* **What is expected**
Output every entry exactly, without any pictures.

++++ Data supplied

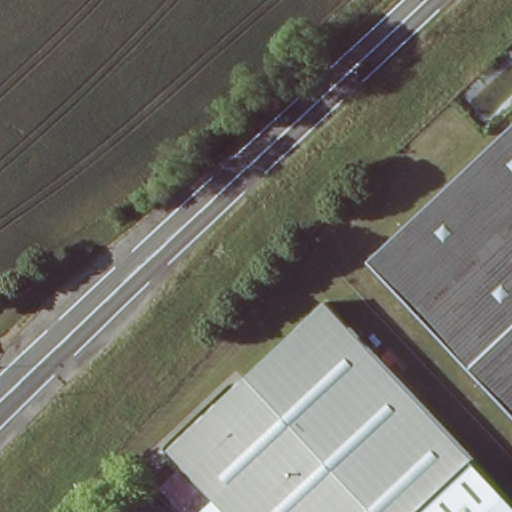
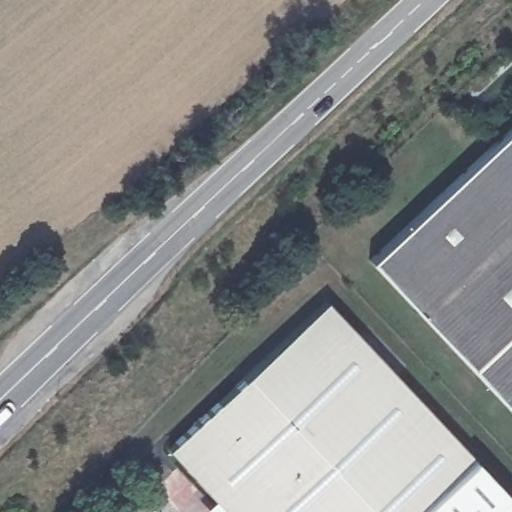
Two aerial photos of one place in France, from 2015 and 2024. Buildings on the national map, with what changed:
unchanged [(512,122),(512,417),(365,260),(512,122)]
unchanged [(322,301),(512,505),(512,512),(223,512),(164,449),(322,301)]

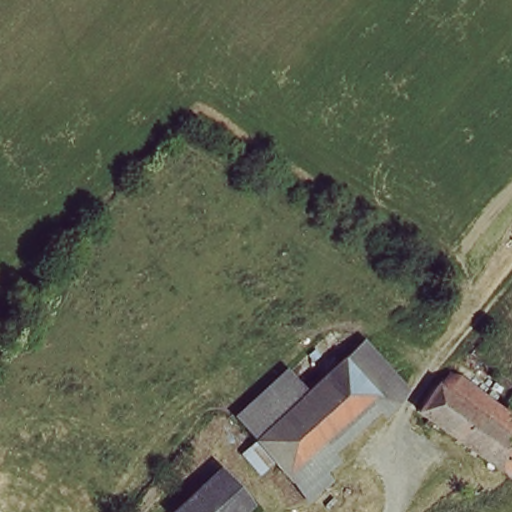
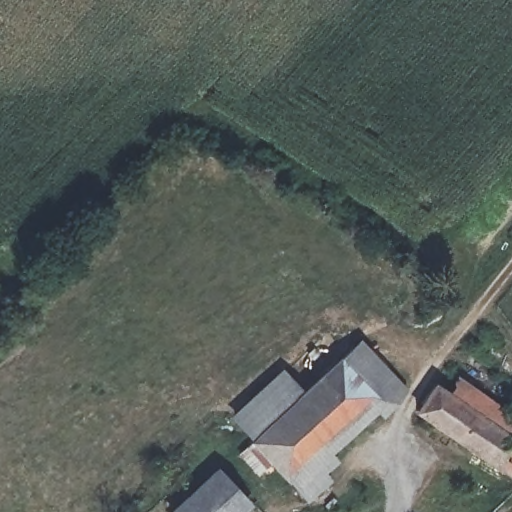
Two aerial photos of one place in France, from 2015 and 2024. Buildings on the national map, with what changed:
unchanged [(386,423),(380,417),(333,458),(339,467),(329,478),(337,487),(310,509),(272,468),(260,480),(238,458),(253,445),(231,421),(282,371),(302,394),(359,340),(409,394),(386,423)]
unchanged [(447,374),(512,420),(512,449),(499,467),(419,409),(447,374)]
unchanged [(494,473),(499,467),(512,449),(512,483),(510,485),(494,473)]
unchanged [(250,510),(248,512),(184,512),(219,477),(250,510)]

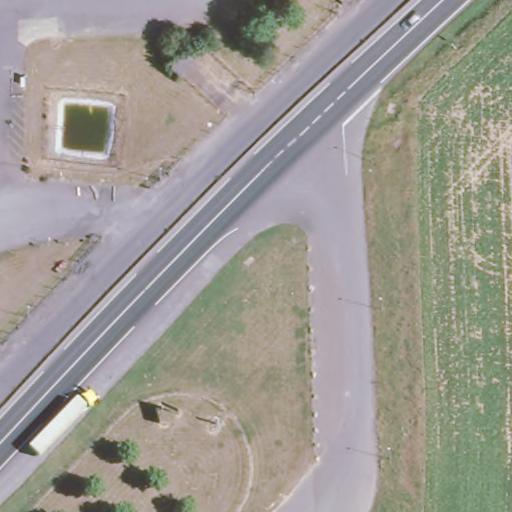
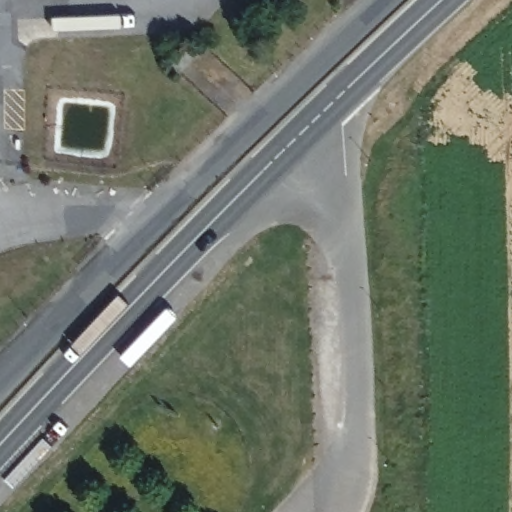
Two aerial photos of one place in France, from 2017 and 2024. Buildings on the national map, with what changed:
unchanged [(173,62),(183,50),(188,43),(198,52),(184,70),(183,69),(173,62)]

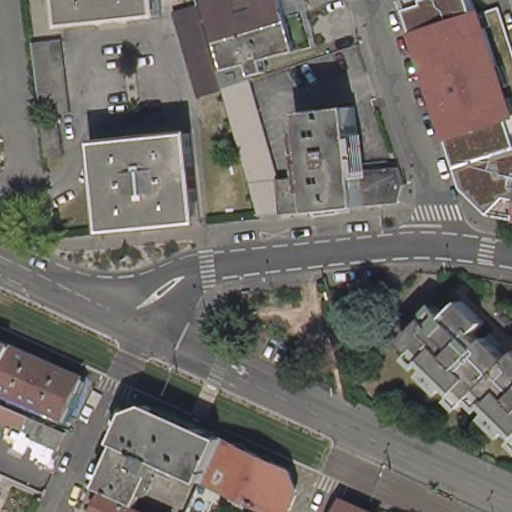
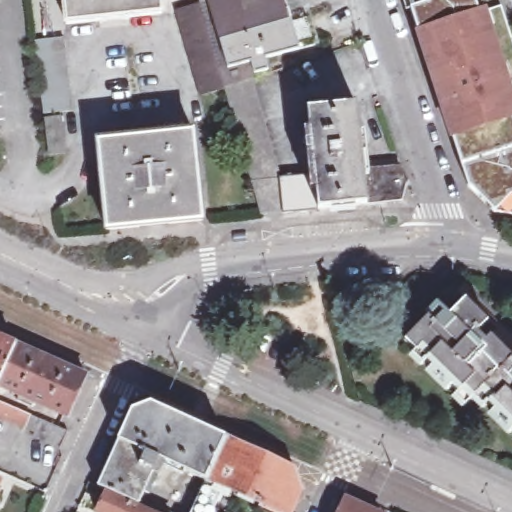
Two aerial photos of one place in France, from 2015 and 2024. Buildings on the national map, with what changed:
unchanged [(71,0),(165,0),(166,14),(73,24),(71,0)]
unchanged [(296,13),(311,9),(320,38),(305,42),(271,52),(275,69),(263,72),(263,74),(259,75),(286,176),(317,174),(322,209),(266,214),(257,185),(230,91),(206,97),(181,12),(205,4),(203,0),(292,0),(296,13)]
unchanged [(470,194),(467,191),(408,14),(407,9),(436,0),(470,0),(477,18),(500,11),(512,49),(512,221),(494,217),(475,199),(470,194)]
unchanged [(40,45),(70,42),(78,117),(49,120),(40,45)]
unchanged [(362,104),(367,169),(370,204),(322,209),(317,174),(312,109),(362,104)]
unchanged [(50,123),(67,122),(70,151),(71,157),(54,159),(50,123)]
unchanged [(103,140),(198,131),(207,220),(111,229),(103,140)]
unchanged [(405,165),(410,182),(405,200),(370,204),(367,169),(405,165)]
unchanged [(472,407),(410,344),(431,323),(441,332),(467,305),(490,327),(481,336),(488,344),(495,337),(512,355),(512,429),(480,398),(472,407)]
unchanged [(21,345),(65,365),(91,377),(72,416),(3,386),(2,388),(0,393),(0,336),(21,345)]
unchanged [(35,416),(28,430),(0,417),(0,401),(35,416)]
unchanged [(134,417),(161,406),(231,438),(291,466),(301,492),(292,512),(279,512),(231,490),(220,512),(198,512),(212,481),(167,460),(144,506),(102,486),(134,417)]
unchanged [(42,420),(63,430),(68,432),(60,449),(35,438),(42,420)]
unchanged [(7,480),(0,495),(0,477),(7,480)]
unchanged [(150,512),(105,512),(112,494),(150,512)]
unchanged [(382,512),(342,512),(350,497),(382,512)]

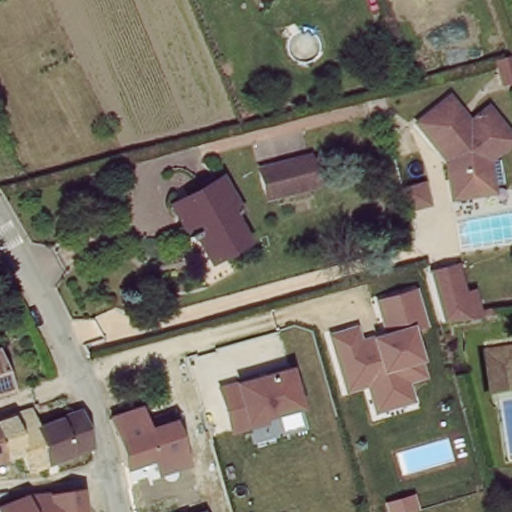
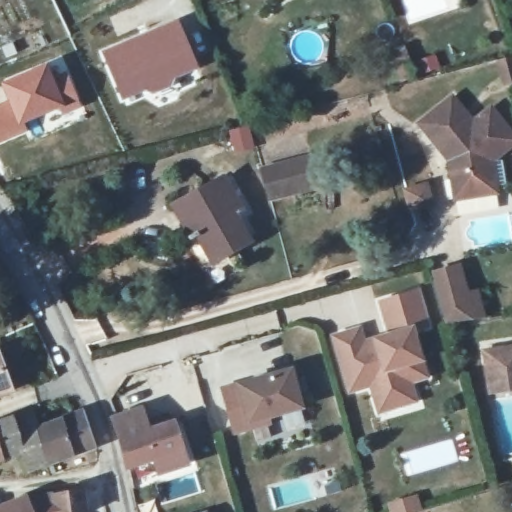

++++++++

* **Written solution**
Two aerial photos of one place in France, from 2015 and 2024. Buildings on the national map, with what changed:
unchanged [(512,122),(512,417),(365,260),(512,122)]
unchanged [(322,301),(512,505),(512,512),(223,512),(164,449),(322,301)]

Two aerial photos of one place in France, from 2015 and 2024. Buildings on the national map, with what changed:
unchanged [(386,423),(380,417),(333,458),(339,467),(329,478),(337,487),(310,509),(272,468),(260,480),(238,458),(253,445),(231,421),(282,371),(302,394),(359,340),(409,394),(386,423)]
unchanged [(447,374),(512,420),(512,449),(499,467),(419,409),(447,374)]
unchanged [(494,473),(499,467),(512,449),(512,483),(510,485),(494,473)]
unchanged [(250,510),(248,512),(184,512),(219,477),(250,510)]

Two aerial photos of one place in France, from 2017 and 2024. Buildings on the national map, with what changed:
unchanged [(173,62),(183,50),(188,43),(198,52),(184,70),(183,69),(173,62)]

Two aerial photos of one place in France, from 2015 and 2024. Buildings on the national map, with what changed:
unchanged [(71,0),(165,0),(166,14),(73,24),(71,0)]
unchanged [(296,13),(311,9),(320,38),(305,42),(271,52),(275,69),(263,72),(263,74),(259,75),(286,176),(317,174),(322,209),(266,214),(257,185),(230,91),(206,97),(181,12),(205,4),(203,0),(292,0),(296,13)]
unchanged [(470,194),(467,191),(408,14),(407,9),(436,0),(470,0),(477,18),(500,11),(512,49),(512,221),(494,217),(475,199),(470,194)]
unchanged [(40,45),(70,42),(78,117),(49,120),(40,45)]
unchanged [(362,104),(367,169),(370,204),(322,209),(317,174),(312,109),(362,104)]
unchanged [(50,123),(67,122),(70,151),(71,157),(54,159),(50,123)]
unchanged [(103,140),(198,131),(207,220),(111,229),(103,140)]
unchanged [(405,165),(410,182),(405,200),(370,204),(367,169),(405,165)]
unchanged [(472,407),(410,344),(431,323),(441,332),(467,305),(490,327),(481,336),(488,344),(495,337),(512,355),(512,429),(480,398),(472,407)]
unchanged [(21,345),(65,365),(91,377),(72,416),(3,386),(2,388),(0,393),(0,336),(21,345)]
unchanged [(35,416),(28,430),(0,417),(0,401),(35,416)]
unchanged [(134,417),(161,406),(231,438),(291,466),(301,492),(292,512),(279,512),(231,490),(220,512),(198,512),(212,481),(167,460),(144,506),(102,486),(134,417)]
unchanged [(42,420),(63,430),(68,432),(60,449),(35,438),(42,420)]
unchanged [(7,480),(0,495),(0,477),(7,480)]
unchanged [(150,512),(105,512),(112,494),(150,512)]
unchanged [(382,512),(342,512),(350,497),(382,512)]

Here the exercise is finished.